### ASSIGNMENT
With all images omitted, write out the records word for word.

Data entries:

------------------------

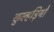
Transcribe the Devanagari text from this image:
कुल्हड़ियों
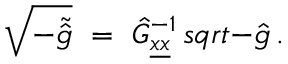
\sqrt { - \tilde { \hat { g } } } \ = \ \hat { G } _ { \underline { { { x } } } \underline { { { x } } } } ^ { - 1 } \, s q r t { - \hat { g } } \, .
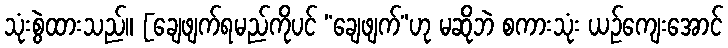
သုံးစွဲထားသည်။ [ချေဖျက်ရမည်ကိုပင် “ချေဖျက်”ဟု မဆိုဘဲ စကားသုံး ယဉ်ကျေးအောင်
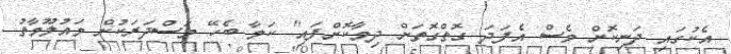
އެކުގައި ދަނިކޮށް ވެސް އެފަދަ ގޮތްގޮތަށް ދިމާކޮށްފައި" ކަމާ ބެހޭ މަސްދަރަކުން މައުލޫމާތު
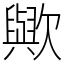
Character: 歟
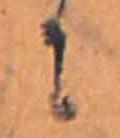
に
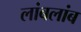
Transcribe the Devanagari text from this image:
लांबलांब
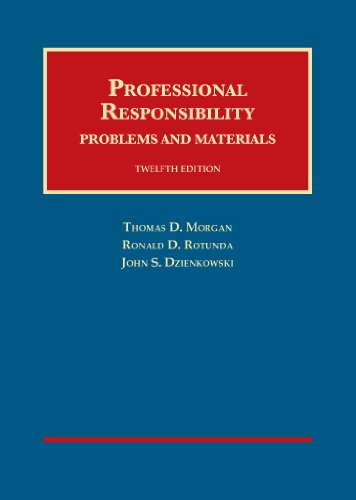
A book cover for Professional Responsibility (University Casebook Series); Thomas Morgan; Law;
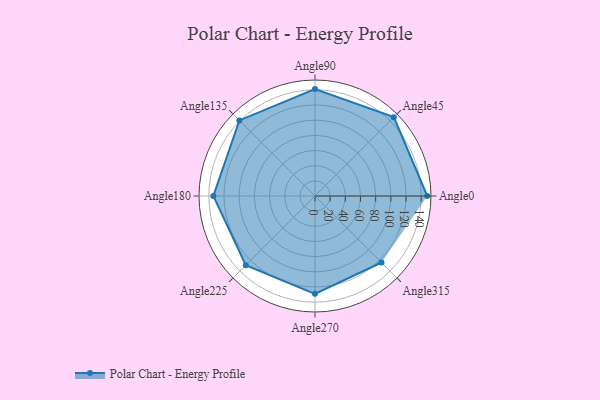
{"axis": {"x": "Angle", "y": "Radius"}, "legend": [""], "data": [{"x": "Angle0", "y": 148.0, "type": ""}, {"x": "Angle45", "y": 147.0, "type": ""}, {"x": "Angle90", "y": 141.0, "type": ""}, {"x": "Angle135", "y": 141.0, "type": ""}, {"x": "Angle180", "y": 134.0, "type": ""}, {"x": "Angle225", "y": 129.0, "type": ""}, {"x": "Angle270", "y": 129.0, "type": ""}, {"x": "Angle315", "y": 124.0, "type": ""}]}
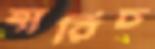
হারিচ
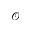
\mathcal { O }
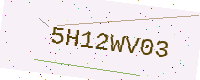
Text: 5H12WV03

------------------------

### ANSWER TO THIS EXERCISE
Transcribe the Devanagari text from this image:
कुल्हड़ियों
\sqrt { - \tilde { \hat { g } } } \ = \ \hat { G } _ { \underline { { { x } } } \underline { { { x } } } } ^ { - 1 } \, s q r t { - \hat { g } } \, .
သုံးစွဲထားသည်။ [ချေဖျက်ရမည်ကိုပင် “ချေဖျက်”ဟု မဆိုဘဲ စကားသုံး ယဉ်ကျေးအောင်
އެކުގައި ދަނިކޮށް ވެސް އެފަދަ ގޮތްގޮތަށް ދިމާކޮށްފައި" ކަމާ ބެހޭ މަސްދަރަކުން މައުލޫމާތު
Character: 歟
に
Transcribe the Devanagari text from this image:
लांबलांब
A book cover for Professional Responsibility (University Casebook Series); Thomas Morgan; Law;
{"axis": {"x": "Angle", "y": "Radius"}, "legend": [""], "data": [{"x": "Angle0", "y": 148.0, "type": ""}, {"x": "Angle45", "y": 147.0, "type": ""}, {"x": "Angle90", "y": 141.0, "type": ""}, {"x": "Angle135", "y": 141.0, "type": ""}, {"x": "Angle180", "y": 134.0, "type": ""}, {"x": "Angle225", "y": 129.0, "type": ""}, {"x": "Angle270", "y": 129.0, "type": ""}, {"x": "Angle315", "y": 124.0, "type": ""}]}
হারিচ
\mathcal { O }
Text: 5H12WV03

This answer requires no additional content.